U.S. oil output rebound frustrates OPEC’s effort to boost prices

(Bloomberg; May 5) - OPEC’s plan to boost oil prices by cutting production has fizzled, yet the cartel has little choice but to stick with it. Crude has surrendered all of its gains since the Organization of Petroleum Exporting Countries first agreed to output cuts in November. While OPEC has made cuts, a rebound in U.S. shale output and stubbornly high stockpiles show the world’s three-year crude glut isn’t shifting. Even signals from Saudi Arabia and Russia that they will prolong supply cuts have not stopped the rout.

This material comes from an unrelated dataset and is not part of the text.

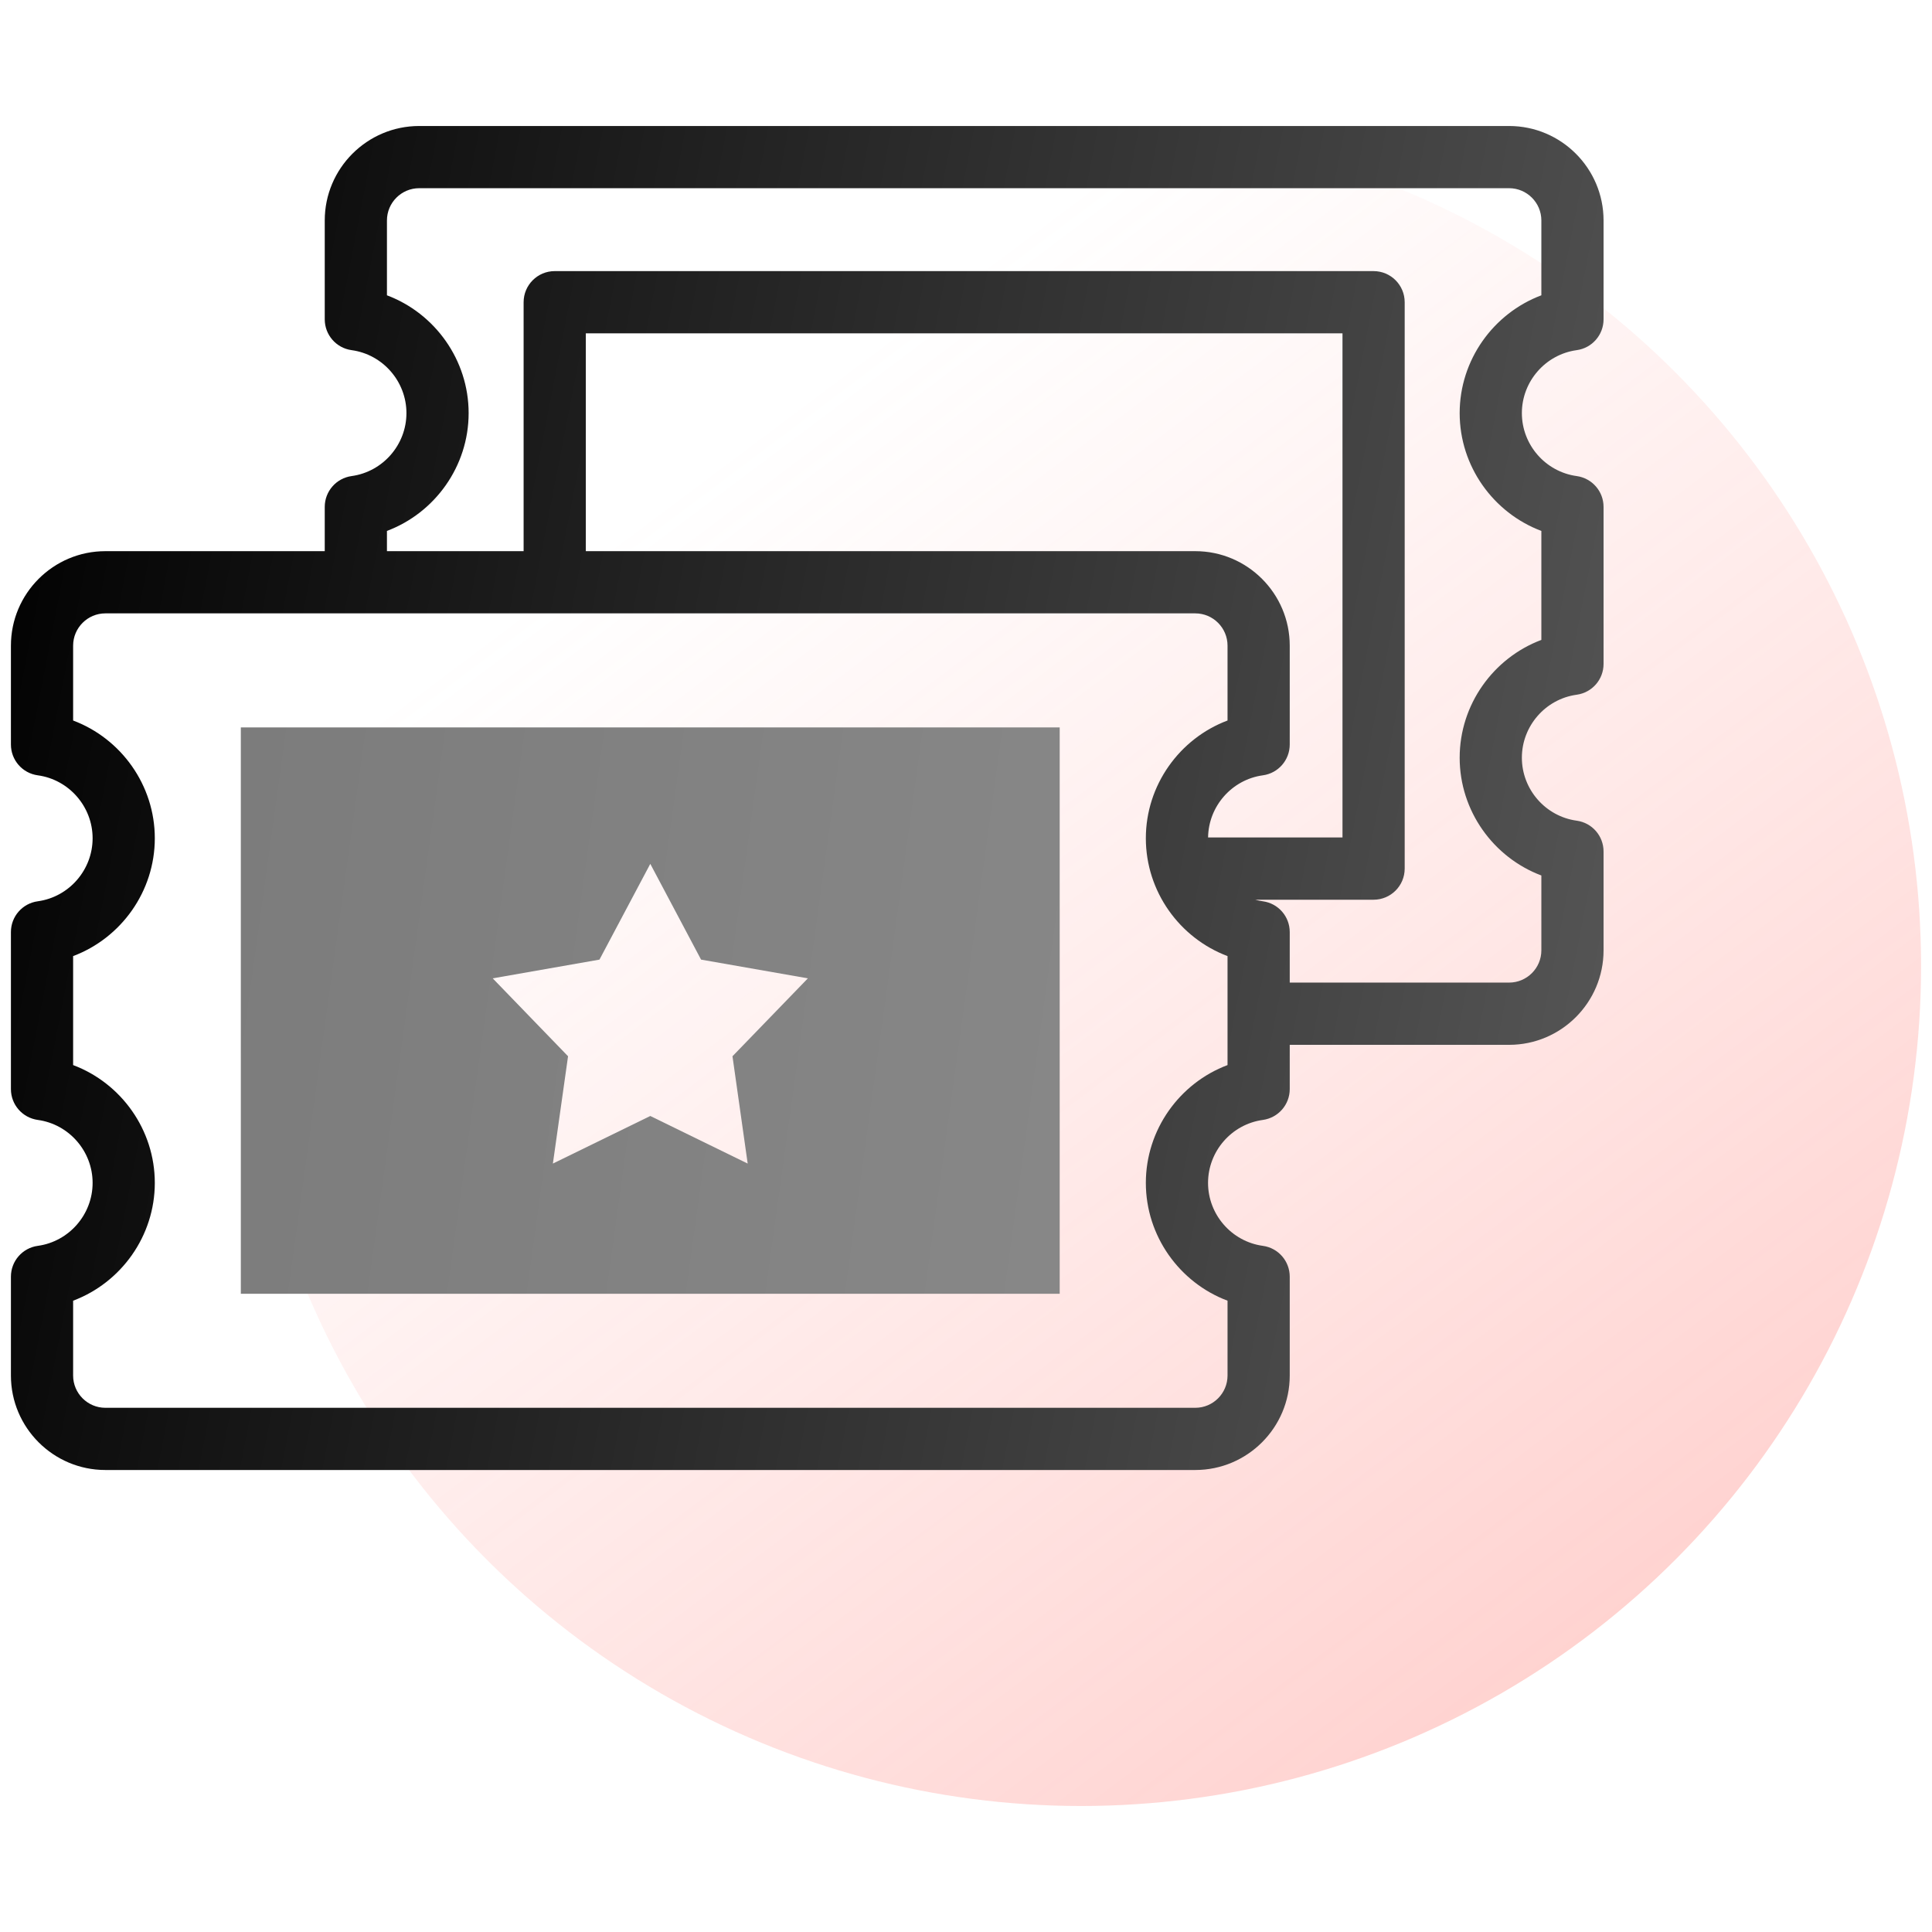 <svg id="SvgjsSvg1660" width="288" height="288" xmlns="http://www.w3.org/2000/svg" version="1.1" xmlns:xlink="http://www.w3.org/1999/xlink" xmlns:svgjs="http://svgjs.com/svgjs"><defs id="SvgjsDefs1661"></defs><g id="SvgjsG1662"><svg xmlns="http://www.w3.org/2000/svg" fill="none" viewBox="0 0 46 40" width="288" height="288"><circle cx="25.74" cy="20" r="20" fill="url(#a)" fill-opacity=".3"></circle><path fill="url(#b)" d="M5.734 14.319V27.804H25.231V14.319H5.734ZM17.802 24.704L15.483 23.571L13.164 24.704L13.525 22.149L11.731 20.294L14.273 19.848L15.483 17.568L16.692 19.848L19.235 20.294L17.44 22.149L17.802 24.704Z"></path><path fill="url(#c)" d="M37.54 5.337C37.907 5.287 38.18 4.973 38.18 4.603V2.249C38.18 1.009 37.171 0 35.931 0H9.981C8.741 0 7.732 1.009 7.732 2.249V4.603C7.732 4.973 8.005 5.287 8.372 5.337C9.116 5.439 9.677 6.083 9.677 6.836C9.677 7.589 9.116 8.233 8.372 8.335C8.005 8.386 7.732 8.699 7.732 9.069V10.123H2.509C1.269 10.123 0.26 11.132 0.26 12.373V14.726C0.26 15.097 0.533 15.41 0.9 15.46C1.644 15.562 2.205 16.207 2.205 16.959C2.205 17.712 1.644 18.357 0.9 18.459C0.533 18.509 0.26 18.822 0.26 19.192V22.931C0.26 23.301 0.533 23.614 0.9 23.665C1.644 23.767 2.205 24.411 2.205 25.164C2.205 25.916 1.644 26.561 0.9 26.663C0.533 26.713 0.26 27.027 0.26 27.397V29.751C0.26 30.991 1.269 32 2.509 32H28.459C29.699 32 30.708 30.991 30.708 29.751V27.397C30.708 27.027 30.435 26.713 30.068 26.663C29.324 26.561 28.763 25.917 28.763 25.164C28.763 24.411 29.324 23.767 30.068 23.665C30.435 23.614 30.708 23.301 30.708 22.931V21.877H35.931C37.171 21.877 38.18 20.868 38.18 19.627V17.274C38.18 16.903 37.907 16.59 37.54 16.54C36.796 16.438 36.235 15.793 36.235 15.041C36.235 14.288 36.796 13.643 37.54 13.541C37.907 13.491 38.18 13.178 38.18 12.808V9.069C38.18 8.699 37.907 8.386 37.54 8.335C36.796 8.233 36.235 7.589 36.235 6.836C36.235 6.084 36.796 5.439 37.54 5.337ZM29.227 22.359C28.083 22.789 27.282 23.899 27.282 25.164C27.282 26.428 28.083 27.539 29.227 27.969V29.751C29.227 30.174 28.883 30.519 28.459 30.519H2.509C2.086 30.519 1.741 30.174 1.741 29.751V27.969C2.885 27.539 3.686 26.428 3.686 25.164C3.686 23.899 2.885 22.789 1.741 22.359V19.764C2.885 19.334 3.686 18.224 3.686 16.959C3.686 15.695 2.885 14.585 1.741 14.155V12.373C1.741 11.949 2.086 11.604 2.509 11.604H28.459C28.883 11.604 29.227 11.949 29.227 12.373V14.155C28.083 14.585 27.282 15.695 27.282 16.959C27.282 18.224 28.083 19.334 29.227 19.764V22.359ZM28.764 16.94C28.773 16.196 29.331 15.561 30.068 15.46C30.435 15.41 30.708 15.097 30.708 14.726V12.373C30.708 11.132 29.699 10.123 28.459 10.123H13.948V4.937H31.964V16.94H28.764ZM36.699 9.641V12.236C35.555 12.666 34.754 13.776 34.754 15.041C34.754 16.305 35.555 17.415 36.699 17.845V19.627C36.699 20.051 36.354 20.395 35.931 20.395H30.708V19.192C30.708 18.822 30.435 18.509 30.068 18.459C30.005 18.45 29.944 18.438 29.884 18.422H32.704C33.113 18.422 33.445 18.09 33.445 17.681V4.196C33.445 3.787 33.113 3.455 32.704 3.455H13.207C12.799 3.455 12.467 3.787 12.467 4.196V10.123H9.213V9.641C10.357 9.211 11.158 8.101 11.158 6.836C11.158 5.572 10.357 4.461 9.213 4.031V2.249C9.213 1.826 9.557 1.481 9.981 1.481H35.931C36.354 1.481 36.699 1.826 36.699 2.249V4.031C35.555 4.461 34.754 5.572 34.754 6.836C34.754 8.101 35.555 9.211 36.699 9.641Z"></path><defs><linearGradient id="a" x1="38.952" x2="17.285" y1="36.667" y2="7.778" gradientUnits="userSpaceOnUse"><stop stop-color="#ff665e" class="stopColor62A1FF svgShape"></stop><stop offset="1" stop-color="#ff7e78" stop-opacity="0" class="stopColorfff svgShape"></stop></linearGradient><linearGradient id="b" x1="5.734" x2="26.189" y1="15.306" y2="18.13" gradientUnits="userSpaceOnUse"><stop stop-color="#7c7c7c" class="stopColor0082F8 svgShape"></stop><stop offset="1" stop-color="#878787" class="stopColor1C40F2 svgShape"></stop></linearGradient><linearGradient id="c" x1="38.18" x2="-2.484" y1="25.221" y2="17.329" gradientUnits="userSpaceOnUse"><stop stop-color="#565656" class="stopColor001DAC svgShape"></stop><stop offset="1" stop-color="#000000" class="stopColor000F57 svgShape"></stop></linearGradient></defs></svg></g></svg>

Yet OPEC has limited room to maneuver when it meets May 25 in Vienna to discuss the production deal, which it is almost certain to continue because the alternatives look even worse. If it were to deepen the cutbacks, even more U.S. shale supplies might come along to fill the gap, according to UBS Group. Abandoning the OPEC policy and restoring output would inflict the economic pain of crude below $40, Citigroup predicts.

“The risk of a higher cutback is that it could trigger too strong an increase in prices and support U.S. shale,” said Giovanni Staunovo at UBS in Zurich. “If they change strategy, Saudi Arabia would lose face. You can’t say you want lower inventories, and after a few months give up.” With OPEC showing near-perfect compliance in delivering its pledged 1.2 million-barrel-a-day production cut and an extension looking likely, the group has little ammunition left in its battle to raise prices. Meanwhile, U.S. output has roared back, growing by 523,000 barrels a day this year to its highest level in almost two years.